A parent granted sole legal decision making (i.e., sole custody) of a child has the right to make all major decisions for the children regardless what the other parent’s opinion may be.

It is fairly uncommon for a parent to be awarded sole custody of his or her children because Arizona judges want both parents to be actively involved in the decisions impacting their children.

A judge could award sole custody to one parent if there is significant domestic violence, a clear inability fo the parents to effectively communicate with each other, or one of the parents has a significant problem with drugs or alcohol.

Legal Decision Making in an Arizona Parenting Plan.

Parenting Plan Provisions for Emergency Medical Care for a Child

No parent wants to think about their children suffering from a major emergency medical situation, but Parenting Plans should still include provisions allowing either parent to make medical decisions for the child in an emergency situation regardless of the form of legal decision making being joint legal decision making, joint legal decision making with final say, or sole legal decision making.

A child in an emergency needs both parents to have the legal right to make medical decisions quickly and without first getting the other parents opinion on that medical care.

As a result, a good Parenting Plan in Arizona will provide each parent with the right to make emergency medical decisions regardless what form of legal decision making is contained in the Parenting Plan.

Provision will also usually be made requiring the parent making those emergency decisions to notify the other parent as quickly as feasible given the nature of the emergency.

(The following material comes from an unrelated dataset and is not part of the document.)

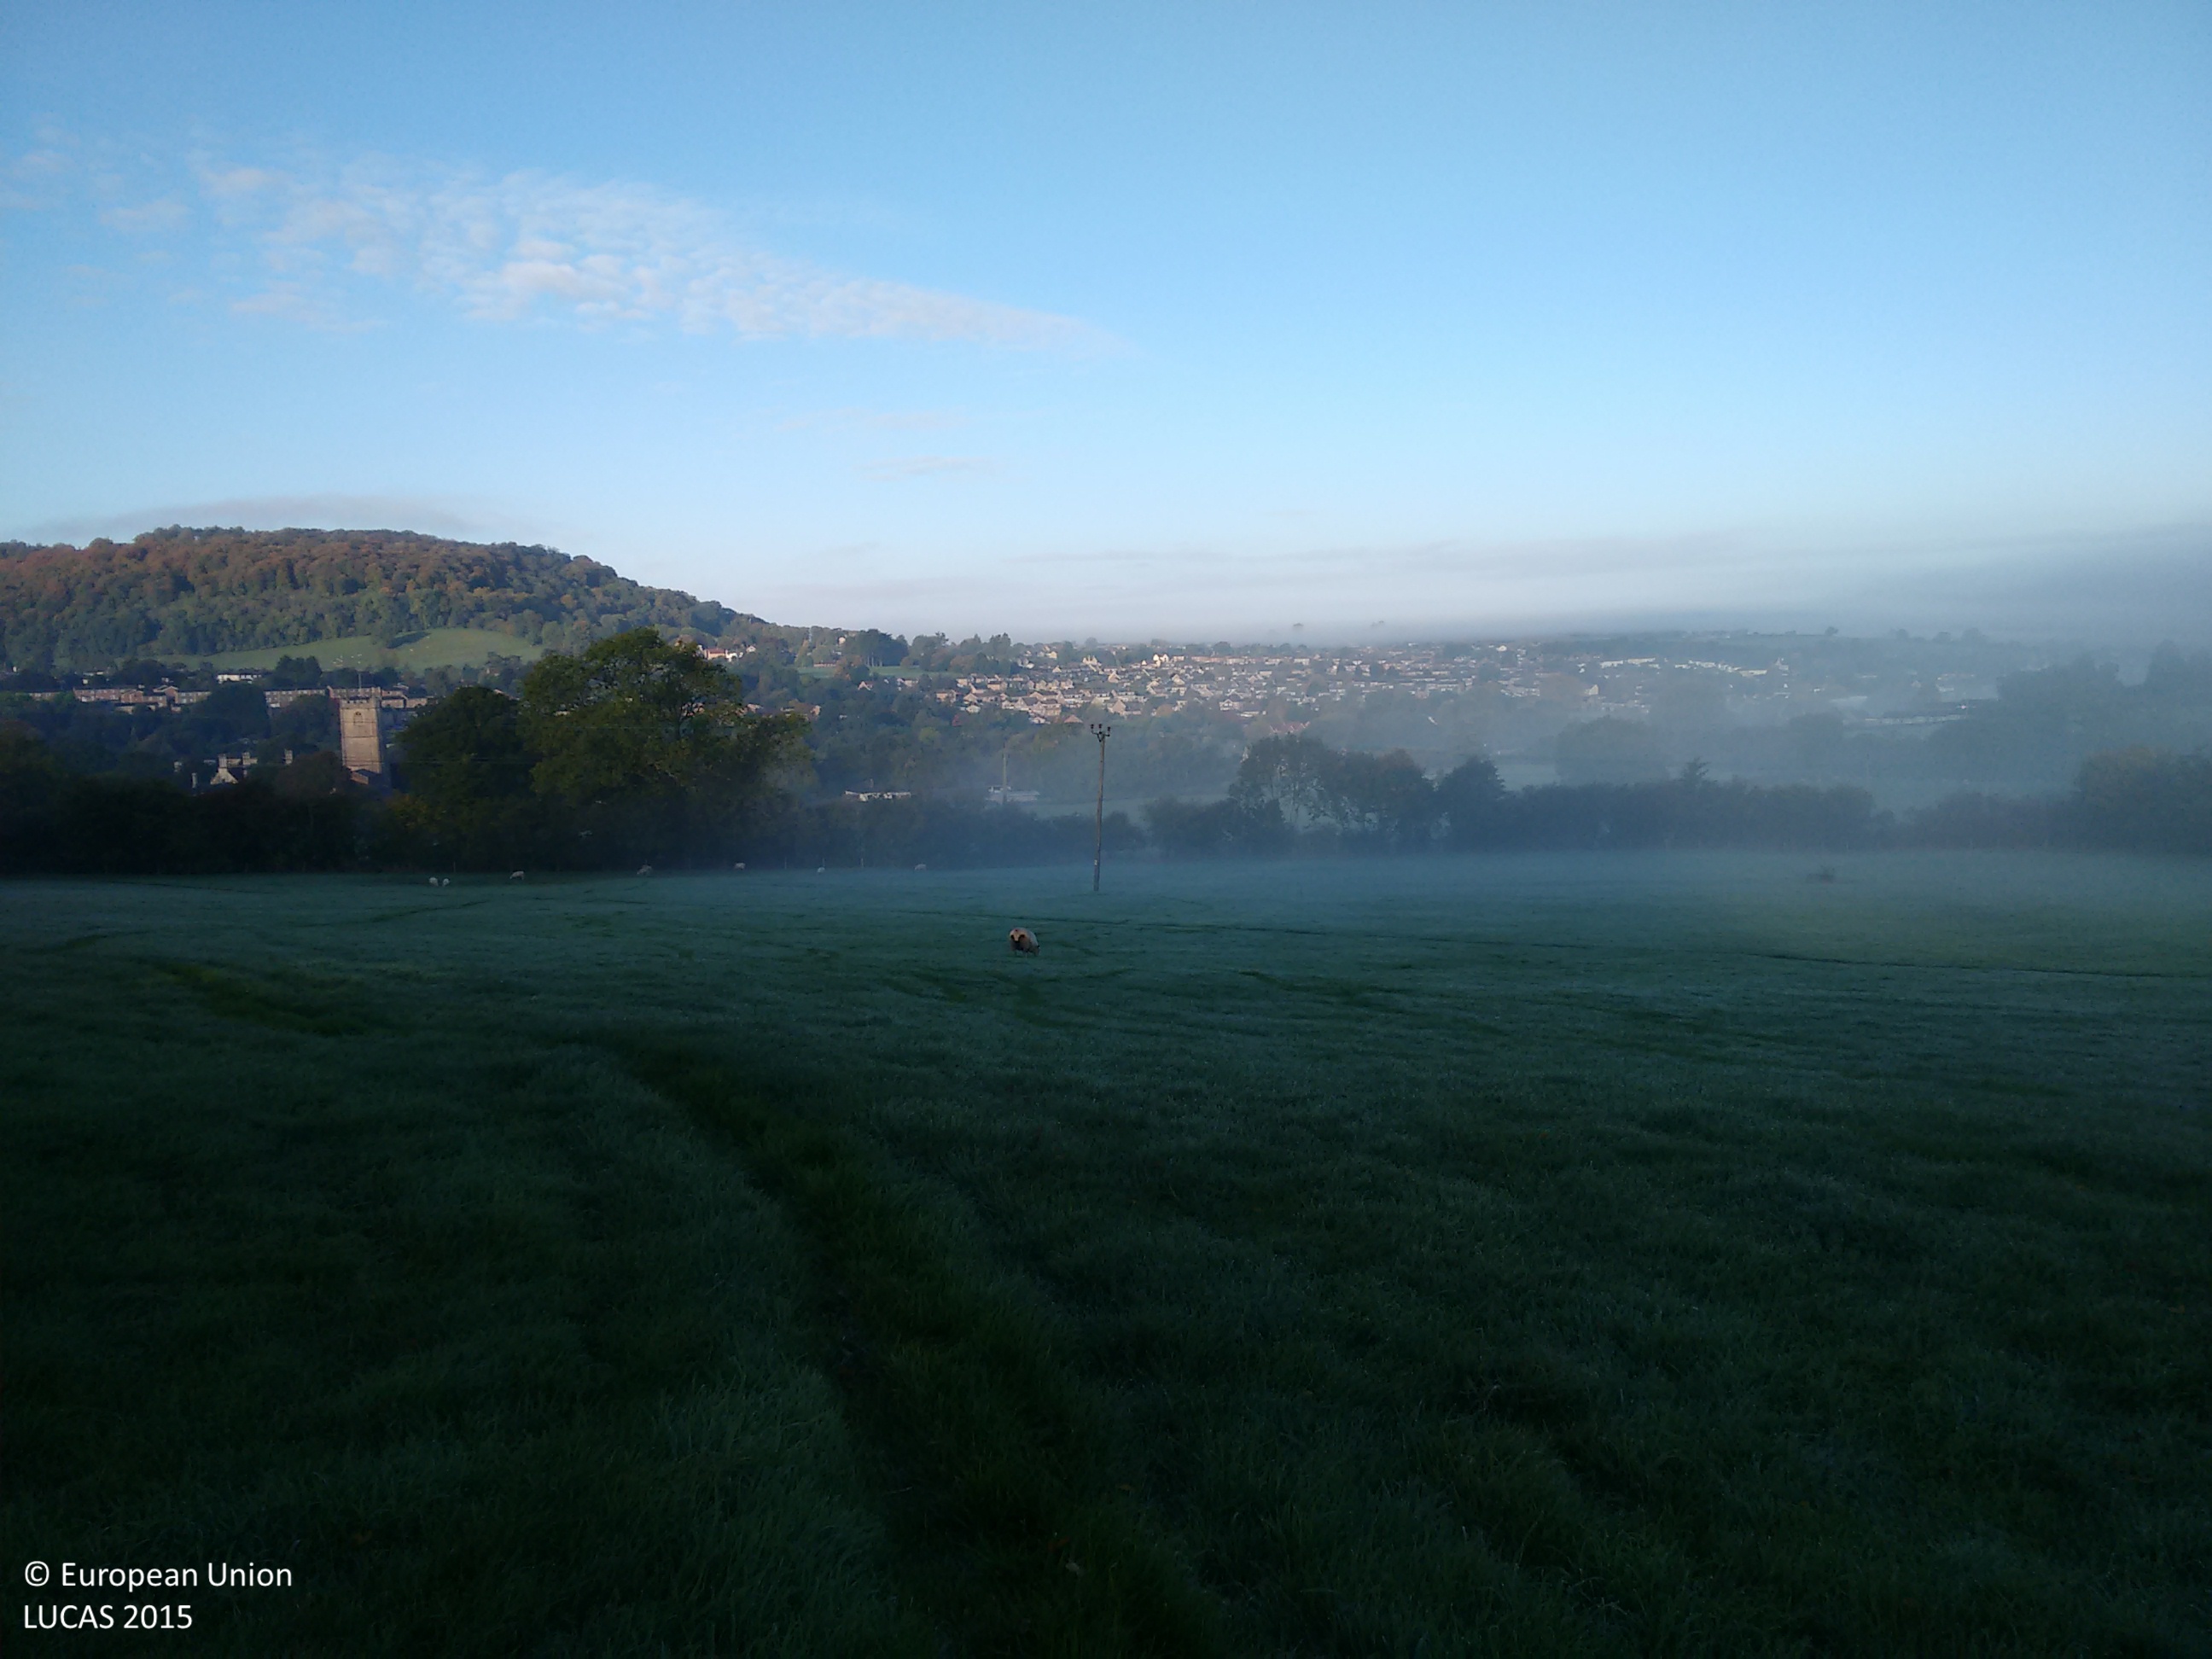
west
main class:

Parenting Plan Provisions For The Day to Day Decision Making for Children

Not all decisions affecting a child arise to the level of a major decision. For example, the child’s daily routine cannot be completely controlled by the other parent or even require one parent to tell the other parent how he or she plans to spend their time with the children.

In other words, a parent is free to spend his or her time with the children any way he or she wishes without having to obtain approval from or report back to the other parent regardleess of the type of legal decision making being awarded.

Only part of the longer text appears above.